A tropical storm came through here this weekend, intermittent bouts of rain and sunshine consuming the day. As the rain tempered off and I looked out our balcony, my eyes were drawn to a puddle. Rain drops steadily fell from the tree above it, forming ripples upon impact. After three days of intense reflection during orientation, I couldn’t help but see a metaphor in front of me. Quite honestly, as I start my year in the Dominican Republic, I don’t feel far off from a rain drop falling from a tree and striking a large unknown body of water.
Like anything worthwhile, choosing to do a year of service involves taking a risk for me. I struggle daily to communicate with those around me. (This Bridesmaids clip displays perfectly how I feel 90% of the time: http://www.youtube.com/watch?v=szAvasyAavs&playnext=1&list=PLA57BC96ECEAD0545&feature=results_video.) I am far away from the people that I love. I live with people I’ve just met, and I’m trusting them to support me throughout this process. There’s a strong chance that I will step on a sea urchin at some point. The list goes on and to be honest, it’s exciting but also very scary. In many senses, I feel as if I am falling, landing in an unfamiliar place. A very unfamiliar place.
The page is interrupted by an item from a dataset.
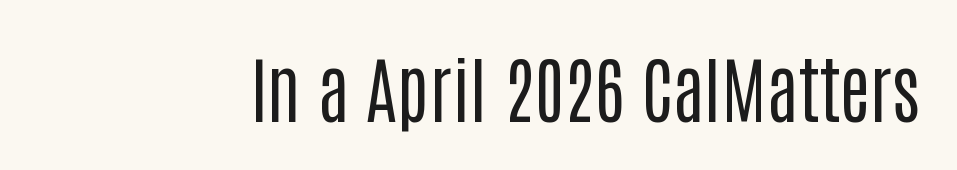
{"serif": "no", "italic": "no", "bold": "no", "weight": "regular", "width": "condensed", "stroke_contrast": "low", "x_height": "large", "monospaced": "no", "underline": "no", "letter_spacing": "normal", "letter_spacing_em": 0.0, "glyph_px": 73}

However, all I need to do is hug one of the kids and I have no question why I’ve chosen to take this risk. Mother Teresa said perfectly, “We ourselves feel that what we are doing is just a drop in the ocean. But the ocean would be less because of that missing drop.” This strange ocean is a place that I care deeply about, and many times I feel completely overwhelmed by all of its needs. How can my presence here truly have an impact when the problems far exceed my capabilities? I am a mere raindrop trying to affect an ocean, and as I land I will only see the very first ripple I’ve created. Yet, I need to remember that that ripple will grow and continue to grow into something much greater than I ever could have imagined.